One limitation of this study was our inability to properly evaluate the proportion of inconclusive or uncertain results, which we know to be problematic with this technique and may vary with gestational age [7, 104]. However, in the case of an inconclusive test result performed early in pregnancy, it would still be possible to retest at a later date. In addition, all literature-based reviews are at risk of publication bias due to the suppression of unwanted findings. We searched extensively for studies and contacted experts in the area, but cannot rule out the possibility that our sample of studies is not fully representative.
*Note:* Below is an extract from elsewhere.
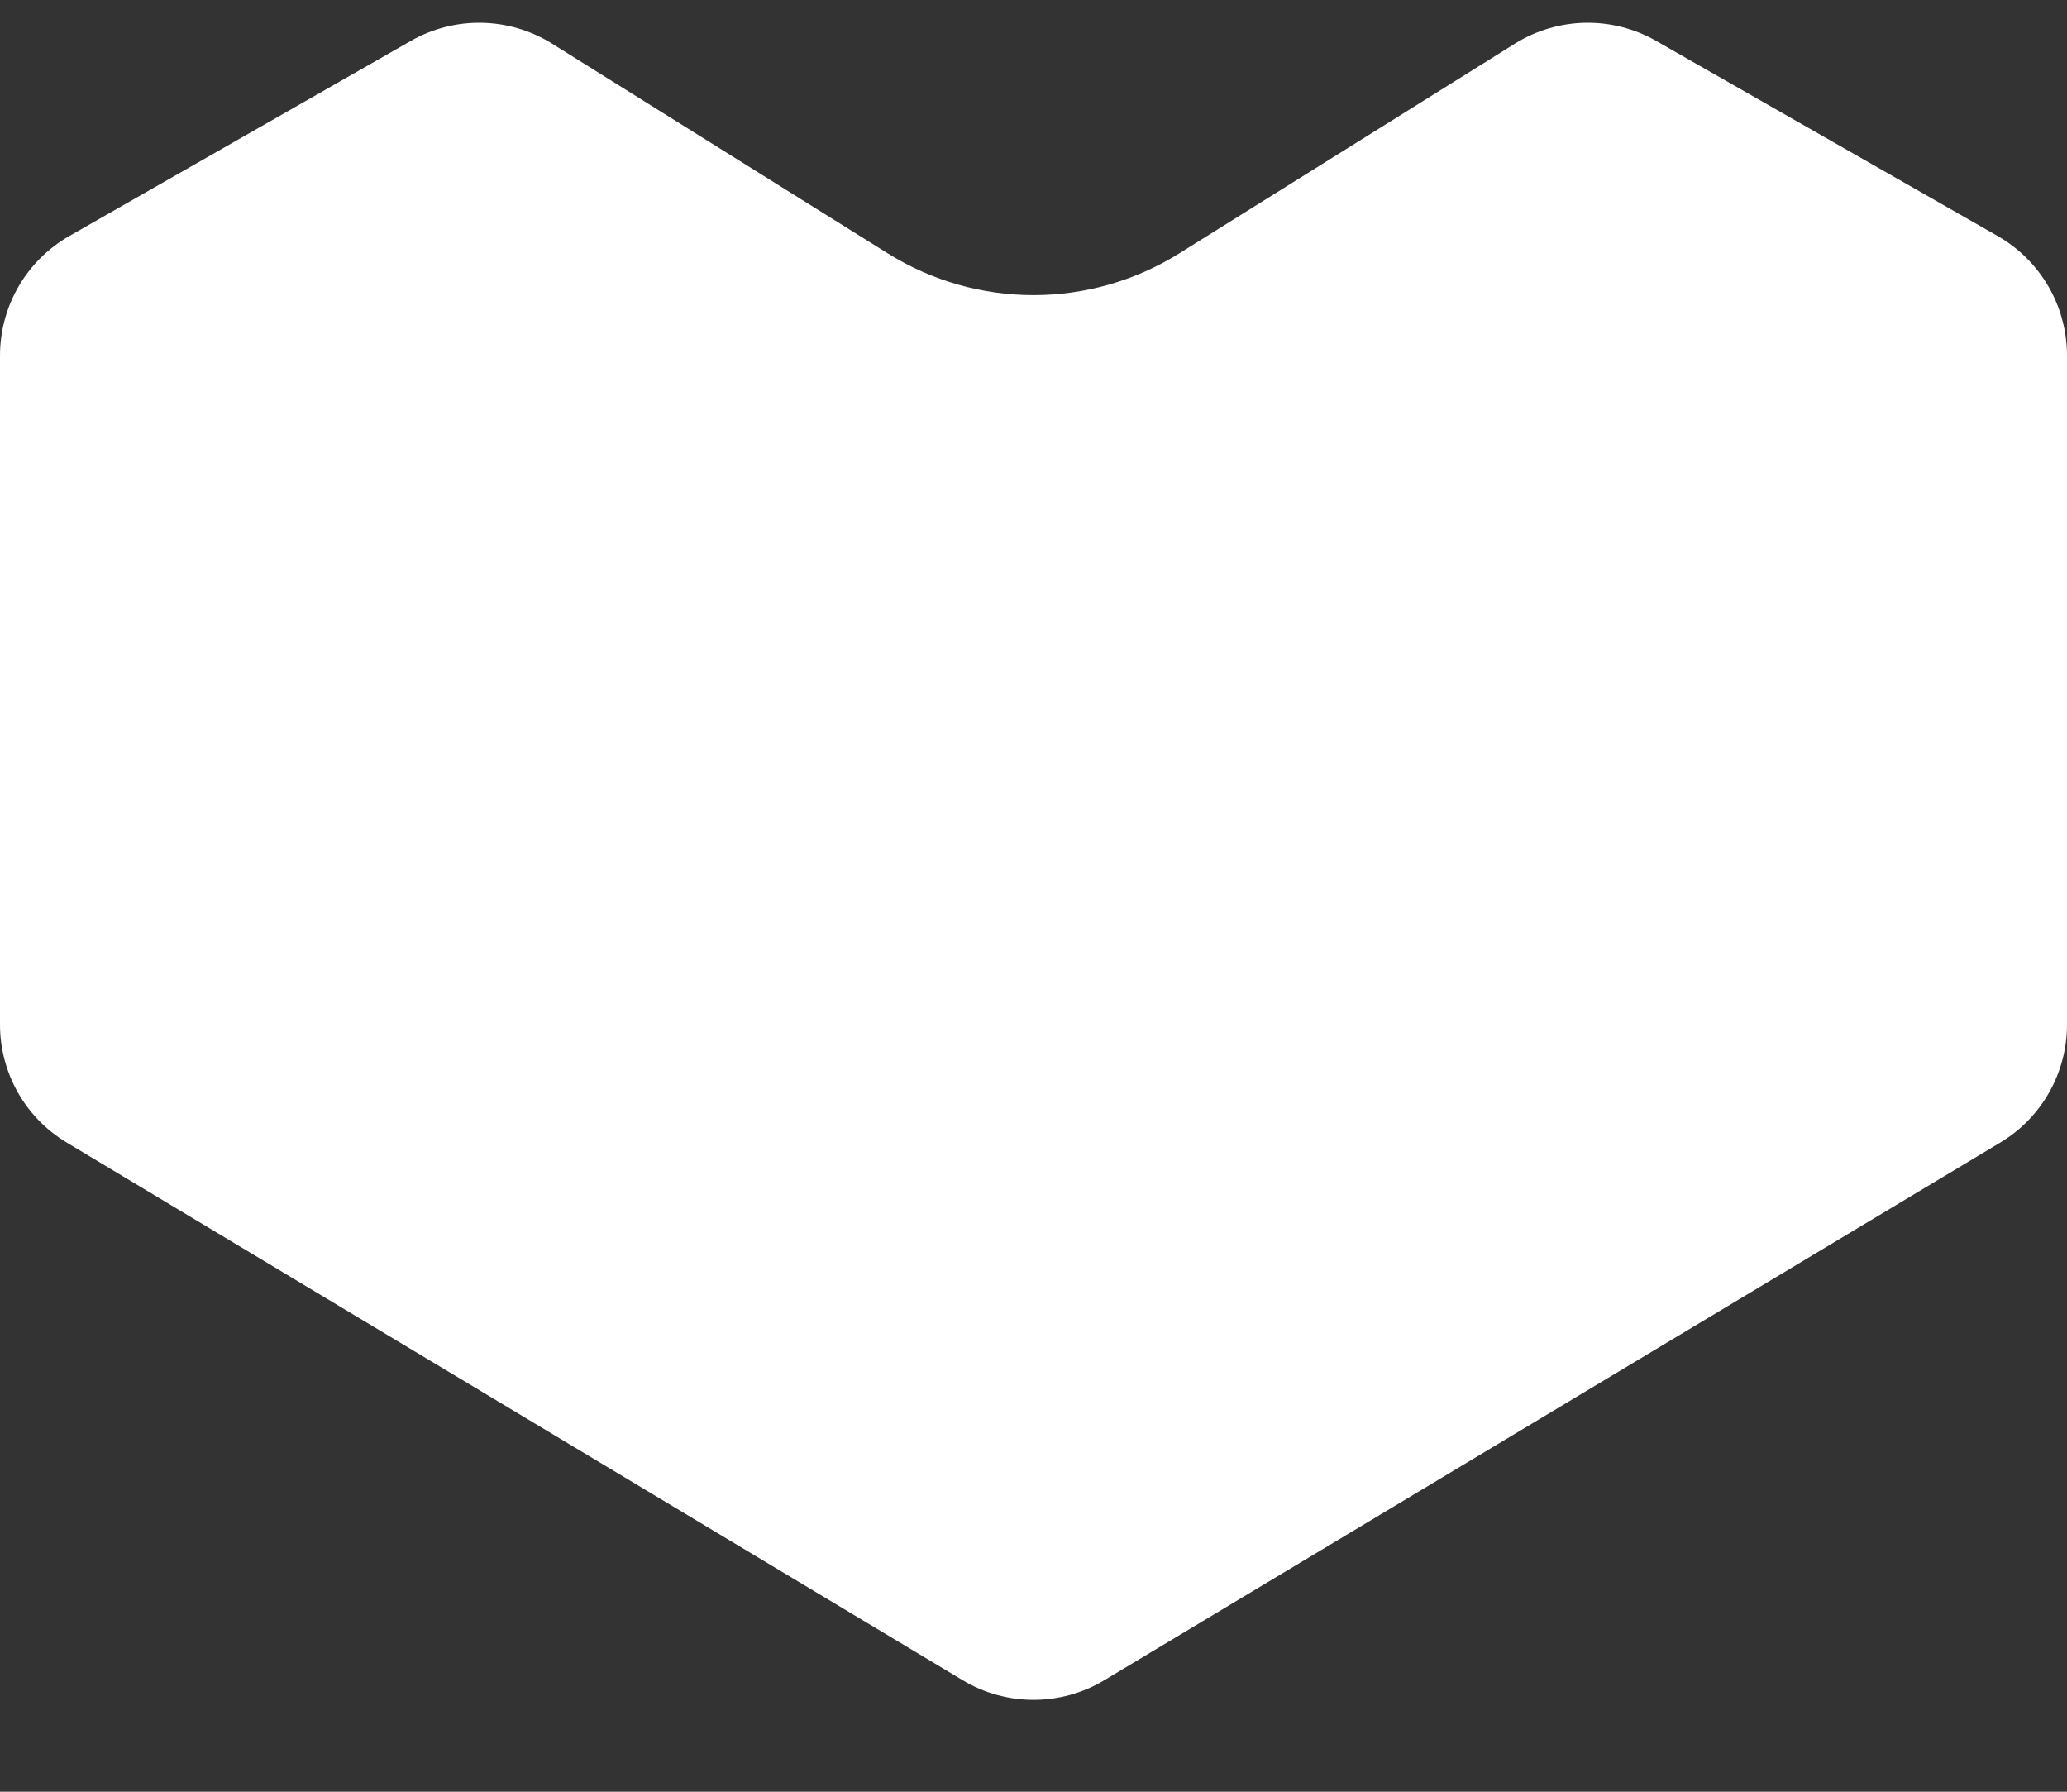 <svg width="15" height="13" viewBox="0 0 15 13" fill="none" xmlns="http://www.w3.org/2000/svg">
<rect x="0" y="0" width="15" height="13" fill="#333333" stroke="none"/>
<path d="M0.486 8.291L6.986 12.191C7.302 12.381 7.698 12.381 8.014 12.191L14.514 8.291C14.816 8.111 15 7.785 15 7.434V2.58C15 2.221 14.808 1.89 14.496 1.712L12.019 0.297C11.699 0.114 11.305 0.122 10.993 0.317L8.56 1.837C7.911 2.243 7.089 2.243 6.44 1.837L4.007 0.317C3.695 0.122 3.301 0.114 2.981 0.297L0.504 1.712C0.192 1.89 0 2.221 0 2.58V7.434C0 7.785 0.184 8.111 0.486 8.291Z" fill="white"/>
</svg>

The main implications for this test in relation to the current clinical pathway would be that invasive testing can be avoided in the case of a diagnosed female fetus. If a female were to be incorrectly classified as male (false positive), there would be no change to the current clinical pathway. If a male fetus is incorrectly classified as a female (false negative), or if a fetus is unclassified after the first test, then invasive testing would be delayed potentially resulting in reduced quality of care.
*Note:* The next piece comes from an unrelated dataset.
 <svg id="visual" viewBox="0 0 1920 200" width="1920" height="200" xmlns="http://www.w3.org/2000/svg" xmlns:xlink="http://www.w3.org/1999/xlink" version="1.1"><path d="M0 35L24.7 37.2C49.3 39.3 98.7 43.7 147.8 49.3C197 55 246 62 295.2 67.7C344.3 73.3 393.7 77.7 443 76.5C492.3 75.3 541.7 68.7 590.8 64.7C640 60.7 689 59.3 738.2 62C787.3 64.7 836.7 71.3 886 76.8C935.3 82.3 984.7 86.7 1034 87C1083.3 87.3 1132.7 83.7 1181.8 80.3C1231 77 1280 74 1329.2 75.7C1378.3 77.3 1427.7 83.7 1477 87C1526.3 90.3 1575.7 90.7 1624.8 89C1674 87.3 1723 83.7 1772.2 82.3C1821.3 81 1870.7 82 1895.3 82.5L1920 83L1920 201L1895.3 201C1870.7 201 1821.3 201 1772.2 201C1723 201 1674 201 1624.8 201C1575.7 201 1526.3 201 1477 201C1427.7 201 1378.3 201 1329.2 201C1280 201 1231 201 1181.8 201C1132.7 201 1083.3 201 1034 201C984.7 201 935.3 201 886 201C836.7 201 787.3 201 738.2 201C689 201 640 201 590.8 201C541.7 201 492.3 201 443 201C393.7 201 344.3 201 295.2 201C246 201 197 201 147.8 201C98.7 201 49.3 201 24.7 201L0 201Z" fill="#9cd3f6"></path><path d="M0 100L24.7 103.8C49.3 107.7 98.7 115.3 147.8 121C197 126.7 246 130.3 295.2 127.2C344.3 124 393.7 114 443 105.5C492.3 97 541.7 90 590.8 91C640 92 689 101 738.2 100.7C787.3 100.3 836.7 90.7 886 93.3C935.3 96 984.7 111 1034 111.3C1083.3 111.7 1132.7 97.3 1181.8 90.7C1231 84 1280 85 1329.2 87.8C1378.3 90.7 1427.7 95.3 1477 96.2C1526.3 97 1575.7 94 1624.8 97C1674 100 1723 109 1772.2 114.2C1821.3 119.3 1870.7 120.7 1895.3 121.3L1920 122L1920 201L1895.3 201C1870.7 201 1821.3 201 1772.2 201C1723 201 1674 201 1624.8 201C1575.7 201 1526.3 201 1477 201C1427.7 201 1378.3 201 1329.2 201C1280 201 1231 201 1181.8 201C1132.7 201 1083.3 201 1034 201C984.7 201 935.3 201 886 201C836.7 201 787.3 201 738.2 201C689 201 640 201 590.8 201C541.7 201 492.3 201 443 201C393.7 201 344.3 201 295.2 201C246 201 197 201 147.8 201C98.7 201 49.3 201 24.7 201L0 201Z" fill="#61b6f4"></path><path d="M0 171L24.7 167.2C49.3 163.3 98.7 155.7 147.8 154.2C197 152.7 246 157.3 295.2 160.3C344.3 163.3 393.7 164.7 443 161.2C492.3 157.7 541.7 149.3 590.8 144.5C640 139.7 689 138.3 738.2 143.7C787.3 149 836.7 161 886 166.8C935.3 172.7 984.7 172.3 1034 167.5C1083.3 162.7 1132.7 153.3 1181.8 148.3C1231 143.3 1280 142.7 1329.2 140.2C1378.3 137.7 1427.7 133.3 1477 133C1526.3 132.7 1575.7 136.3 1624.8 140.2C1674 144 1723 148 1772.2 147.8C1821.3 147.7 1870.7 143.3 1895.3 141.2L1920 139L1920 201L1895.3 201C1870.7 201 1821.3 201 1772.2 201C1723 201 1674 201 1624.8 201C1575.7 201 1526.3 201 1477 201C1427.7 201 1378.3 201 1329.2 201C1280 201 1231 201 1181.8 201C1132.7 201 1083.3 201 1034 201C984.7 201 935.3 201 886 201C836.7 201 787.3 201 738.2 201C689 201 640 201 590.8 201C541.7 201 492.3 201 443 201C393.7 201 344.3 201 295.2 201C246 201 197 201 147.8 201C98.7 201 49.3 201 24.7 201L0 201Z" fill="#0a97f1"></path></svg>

Genetic testing of DNA extracted by amniocentesis or chorionic villus sampling is currently routine for prenatal testing. Both of these procedures take place later in pregnancy than would be required by a methods using cffDNA, and both carry a small but significant risk of miscarriage, something that cffDNA does not. The results of both this review and meta-analysis and the analysis by Devaney et al.[11] show that the diagnostic test of fetal sex determination using cffDNA is expected to be close to 100%, it can be done early in pregnancy, and that the test itself carries no risk of miscarriage suggesting that we should seriously consider adopting this test as the new gold standard first-line test for pregnancies at risk of an X-linked condition. The test has been successfully used from 7 weeks of gestation in some NHS laboratories in the UK since 2003 following audit results [104, 105], where it has already reduced the need for invasive diagnostic testing in high risk pregnancies.

Conclusions

Based on the updated data provided in this review and meta-analysis we conclude that fetal sex can be determined with a high level of accuracy by analyzing cffDNA after 5 weeks of gestation. It is hoped that use of this method for non-invasive prenatal diagnosis could also be extended for single gene disorders and although testing is being developed, it is not currently offered on any routine basis within Europe. Advances in genomic methodology and technology continue to make tremendous progress and these advances need faster and timelier translation into clinical practice in order to provide couples with greater reproductive choice. Further research is needed into the logistical requirements, the economic considerations (including a possible value of information analysis) and the ethical implications of offering an early non-invasive test for fetal sex [106].